With Tez in existence, I really can’t think of any reason why people would continue to use MapReduce for new work. Tez does everything MapReduce does, only faster.

General Comparison to Other Options

MapReduce was the original Hadoop data processing framework. It parallelizes data processing across a cluster, and therefore can process data at unlimited scale. But MapReduce is surprisingly slow, difficult to use, and overly rigid, and its fundamental design guarantees that it will continue to be slow, difficult and rigid.

MapReduce and Tez use the same logical programming paradigm, but Tez uses dataflow DAGs for resource optimization and data pipeline planning. This means that Tez provides an order of magnitude speed boost over MapReduce, but has the same overly rigid design limitations.

Other options I’ll look at in later posts are Spark, DataFlow, Storm, Heron and Flink.

Related Posts

six Comments

  1. Jeff On June 24, 2015 at 22:18

    when discussing the “tragedy” of timing for Tez re:Spark we should be careful not to conflate use cases. While apple indeed needed to fall far from the MR tree for ML augmented analytics, the ETL at petascale use cases rightly needed to stay nearer to MR roots. Too many Spark fanboys overlook the issues that remain. Tez has value in a post Spark era. In the world of big data, there is no one-size-fits-all solution.

    • Paige On June 25, 2015 at 13:48

      Very true. Tez doesn’t have the memory requirements and other weaknesses that hamper Spark in many types of implementations, which makes it ideal for some purposes that Spark isn’t great for. I tend to think in terms of more interactive types of applications, just because that has been my focus for a while. Large scale ETL is still a really important and tough job, and Tez is the best tool for that job at this time.

      Thanks for bringing the discussion over here from the Big Data, Low Latency group on LinkedIn.

  2. Paige On June 25, 2015 at 18:09

    Lots of good discussion on this post in the Big Data, Low Latency group on LinkedIn.

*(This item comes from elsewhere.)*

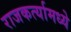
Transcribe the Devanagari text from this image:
राजकर्त्यामध्ये

  3. Majid Azimi On July 6, 2015 at 13:30

    There two amazing points about Tez:
    1. It runs old map reduce code just fine with better performance. Huge amount of code has been written until now and converting them to spark would take too much time. Any legacy code built by cascading and crunch runs on Tez without changing a single line of code.
    2. God bless Tez installation. Just copy Tez jars into HDFS and there you go.

    • Paige On July 6, 2015 at 23:13

      Very true. Backwards compatibility with existing legacy apps and interfaces is a huge advantage.

  4. Orval Kidd On July 30, 2015 at 3:33

    Thanks for sharing the information, Paige!
    Thing I love about Tez is that it brings you nice and smooth performance even though the code is reduced. You know, like Majid said, it’s really hard to convert huge amount of code since the process will waste too much time.